そのメッセージは柊が新人戦を終えて数日後に唐突にきた。

すぐに私はググってみると、靭帯損傷って・・・



固定するほどの重症なの!?


すぐに柊にメッセージを返すのだが、


“大丈夫?今、学校?”


“今、病院です。固定されてて歩けないっす”


そのメッセージと共に笑っている柊の痛々しい姿の写メが届いたのであった。

続いて、今日は先生が家まで送ってくれるとのことであったが、

明日からはバス通学でーす!と届いたいので、


“朝、送ってあげるよ。”


“朝、6時前には家をでるんだけど??”


“知ってるし!いいわよ。それに車だと6時半くらいでも間に合うでしょう?”


“じゃあ、お願いします”


こんなやり取りをしてながら、


「・・・ふふふ、我ながらな・・・。」


自分の行動に苦笑してしまう。

今まで友達たちが、彼氏や彼女のために尽くすということが理解できていなかった。


何であんなに大変なことなのに出来るの?


正直、冷めた目でその光景を見ていたのに、

自分もそんな気持ちになって、行動するとは思ってもみなかった・・・


自分に苦笑してしまう。


柊といると本当に今まで知らなかった自分に気づかせてもらっている。

これから、柊といることでどんな自分が出てくるのかが楽しみだわ。



「そう言えば、家の前まで迎えに来ても良かったの?」


柊には朝、家まで来てと言われたのだが、

親御さんに会うことなると思って

フルメイクを朝からバッチリこなしていたのだが・・・


「ああ、朝は7時くらいまで両親や妹は帰ってこないから。」


「大変だね・・・新聞屋さんって。」


「そうだね。親には本当に感謝しているよ。」


「・・・あれ?ご飯は?」


「ああ、朝はレトルト食品をチンしてる。ご飯は炊いてあるから。

 お昼は学食で食べてるよ。」


ここで私はある衝動が思いっきり湧いてくるのだ!

それは・・・



「朝とお昼ご飯作ってあげようか?」


「さすがにそれは・・・大変だし、申し訳ないよ。」


「大丈夫!余裕よ!一人暮らし歴は留学中も合わせて6年ほどになるから、安心して!」


ここでつまらない見栄を張ってしまったことを後悔する・・・。


柊には無理しないようにねと言われたのだが、

ちょっと朝も早いことと浮かれた気持ちで

24時間スーパーで弁当箱と野菜類を買って帰る。



授業を終えて、その後バイトを終えて家に帰ったのだが・・・・


「これ、厳しいわ・・・。」


前日におかずを作っておこうと思ったのだが、

ハッキリと言って、あのお弁当のスペースを埋めるということが

こんなに難しいモノとは思わなかった!!



「やっぱり・・・おかずって4、5品入れるのよね・・・。
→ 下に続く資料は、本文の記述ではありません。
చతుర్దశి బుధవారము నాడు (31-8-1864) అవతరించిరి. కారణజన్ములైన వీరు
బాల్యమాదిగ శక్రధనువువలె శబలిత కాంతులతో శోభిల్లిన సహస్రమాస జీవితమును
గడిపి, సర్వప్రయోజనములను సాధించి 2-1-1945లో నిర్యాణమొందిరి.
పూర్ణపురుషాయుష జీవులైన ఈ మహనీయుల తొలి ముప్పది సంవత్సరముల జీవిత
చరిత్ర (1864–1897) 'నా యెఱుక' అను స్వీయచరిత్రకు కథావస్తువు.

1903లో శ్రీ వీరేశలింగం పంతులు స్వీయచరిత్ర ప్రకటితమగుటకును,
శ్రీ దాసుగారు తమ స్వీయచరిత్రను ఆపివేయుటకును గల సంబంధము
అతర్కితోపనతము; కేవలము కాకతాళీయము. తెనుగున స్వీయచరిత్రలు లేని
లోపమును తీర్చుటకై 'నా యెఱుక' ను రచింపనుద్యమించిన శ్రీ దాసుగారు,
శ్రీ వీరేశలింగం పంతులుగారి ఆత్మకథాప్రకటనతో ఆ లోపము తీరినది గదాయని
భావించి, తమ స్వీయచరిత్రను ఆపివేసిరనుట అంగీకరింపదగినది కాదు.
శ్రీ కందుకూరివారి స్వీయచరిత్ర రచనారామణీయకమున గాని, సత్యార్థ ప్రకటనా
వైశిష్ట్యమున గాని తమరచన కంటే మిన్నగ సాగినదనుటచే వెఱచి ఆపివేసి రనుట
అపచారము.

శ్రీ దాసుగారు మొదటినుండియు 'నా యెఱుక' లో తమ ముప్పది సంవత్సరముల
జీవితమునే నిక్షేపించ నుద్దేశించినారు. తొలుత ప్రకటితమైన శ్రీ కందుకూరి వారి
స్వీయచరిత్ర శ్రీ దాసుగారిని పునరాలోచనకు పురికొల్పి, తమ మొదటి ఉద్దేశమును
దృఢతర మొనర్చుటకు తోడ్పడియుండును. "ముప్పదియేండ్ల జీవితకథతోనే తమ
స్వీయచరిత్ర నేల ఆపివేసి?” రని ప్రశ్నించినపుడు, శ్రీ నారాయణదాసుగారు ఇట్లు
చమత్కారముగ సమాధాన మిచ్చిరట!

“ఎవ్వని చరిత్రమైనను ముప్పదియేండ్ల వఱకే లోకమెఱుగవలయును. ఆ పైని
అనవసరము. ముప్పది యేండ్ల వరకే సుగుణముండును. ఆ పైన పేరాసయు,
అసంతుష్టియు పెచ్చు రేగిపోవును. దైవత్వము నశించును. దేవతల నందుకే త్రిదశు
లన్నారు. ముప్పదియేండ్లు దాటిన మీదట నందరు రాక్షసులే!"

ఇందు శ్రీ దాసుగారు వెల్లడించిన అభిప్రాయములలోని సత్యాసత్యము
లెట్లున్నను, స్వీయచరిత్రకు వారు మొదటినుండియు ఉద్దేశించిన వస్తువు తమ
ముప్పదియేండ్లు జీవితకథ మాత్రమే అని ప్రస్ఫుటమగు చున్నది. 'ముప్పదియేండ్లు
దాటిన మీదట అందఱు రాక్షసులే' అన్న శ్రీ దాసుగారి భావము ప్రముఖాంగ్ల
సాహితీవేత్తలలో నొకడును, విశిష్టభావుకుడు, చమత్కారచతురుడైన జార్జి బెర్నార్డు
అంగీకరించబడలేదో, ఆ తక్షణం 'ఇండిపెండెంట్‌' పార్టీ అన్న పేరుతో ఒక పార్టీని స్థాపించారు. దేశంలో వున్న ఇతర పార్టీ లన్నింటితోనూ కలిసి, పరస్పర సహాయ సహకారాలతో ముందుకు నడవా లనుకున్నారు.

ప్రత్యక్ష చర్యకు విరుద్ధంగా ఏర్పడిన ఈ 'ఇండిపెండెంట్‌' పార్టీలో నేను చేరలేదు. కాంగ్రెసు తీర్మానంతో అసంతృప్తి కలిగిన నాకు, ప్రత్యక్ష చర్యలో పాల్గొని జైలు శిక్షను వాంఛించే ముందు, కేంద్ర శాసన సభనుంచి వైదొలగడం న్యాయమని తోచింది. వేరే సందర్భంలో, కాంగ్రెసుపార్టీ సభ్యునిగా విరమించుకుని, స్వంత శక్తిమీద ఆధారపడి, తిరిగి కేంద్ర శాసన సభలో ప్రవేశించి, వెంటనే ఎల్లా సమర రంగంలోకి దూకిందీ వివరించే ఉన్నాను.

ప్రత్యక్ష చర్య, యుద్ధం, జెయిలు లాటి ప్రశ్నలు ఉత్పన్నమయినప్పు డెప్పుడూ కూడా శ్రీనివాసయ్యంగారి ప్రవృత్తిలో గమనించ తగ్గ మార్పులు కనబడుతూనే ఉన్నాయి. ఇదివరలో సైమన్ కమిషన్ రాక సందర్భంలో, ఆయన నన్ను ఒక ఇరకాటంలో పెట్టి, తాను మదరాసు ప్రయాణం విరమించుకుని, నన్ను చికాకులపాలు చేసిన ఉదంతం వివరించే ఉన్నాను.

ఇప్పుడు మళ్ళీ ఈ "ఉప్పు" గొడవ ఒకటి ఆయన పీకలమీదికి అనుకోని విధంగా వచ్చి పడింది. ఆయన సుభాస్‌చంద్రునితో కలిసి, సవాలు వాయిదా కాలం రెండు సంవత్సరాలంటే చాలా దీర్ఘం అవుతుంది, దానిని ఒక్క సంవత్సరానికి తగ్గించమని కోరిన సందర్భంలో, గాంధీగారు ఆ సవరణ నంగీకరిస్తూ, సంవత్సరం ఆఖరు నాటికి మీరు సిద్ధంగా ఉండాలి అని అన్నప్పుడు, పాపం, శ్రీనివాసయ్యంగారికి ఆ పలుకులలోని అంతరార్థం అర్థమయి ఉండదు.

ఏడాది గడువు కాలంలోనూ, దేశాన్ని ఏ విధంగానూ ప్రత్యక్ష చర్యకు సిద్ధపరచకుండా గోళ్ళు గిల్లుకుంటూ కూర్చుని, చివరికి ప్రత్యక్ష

」


ネットで検索して、その品数の多さに打ちのめされる。


そもそも私、そんなに料理したことないし・・・


実家では家政婦が料理をしてくれるし、

今の1人暮らしの家も週に3回家政婦が来て掃除・洗濯をしてくれて、

食事は作り置きしてくれ、それを食べるのが日課である。


年上としての見栄を張ってしまったばっかりに・・・


いっそ、家政婦が作った料理をお弁当に詰めようかと甘い誘惑が頭をよぎるのだが

それは最終手段だ!!と心に決めて、何とか料理を作っていったのであった。



「はい、朝ご飯用のおにぎりとお昼用のお弁当ね。」


涼しい顔をして、車の中で柊に渡す。


今日はフルメイクをしてはいない。

表向きは人に会わないということでメイクをしていないということだが、

正直なところは・・・



そんな時間なんってなかったのよ!!


本当は好きな人にはキレイな私を見て欲しかったけど、

お弁当作りを夜中までやって、朝も早起きをしているのだから

そんな時間なんって取れるわけもなかった・・・


「スッピンでもキレイだよ。」


柊はキレイと褒めてくれたと自分に言い聞かせてのスッピンでの送迎だ。

・・・自分が情けない・・・


“お弁当美味しかったよ!お握ぎりも美味!”


昼に柊から来たメッセージと写メにすごく嬉しくなる。

ああ、私って本当に単純だ・・・


たかだか、こんなメッセージ1つで・・・


自分自身に苦笑していると、更に追加でメッセージが届く。



“無理はしないでね”


・・・まあ、バレるよね。


フルメイクで初日現れて、二日目にはスッピンだし・・・


だけど、“美味しかったよ”・・・か・・・


こんなに嬉しくなる言葉なら、今度母が手料理を作ってくれた時には私も言おう。


どうせ、柊への朝ご飯とお弁当はこの送り迎えの期間の

足首の固定が外れる3週間程度なのだから、

必死で頑張りますか!!と心に決めるのであった。


また美味しいっていってくれるかな♪



気づいた点は追加・修正していきます。

拙い文章で申し訳ないです。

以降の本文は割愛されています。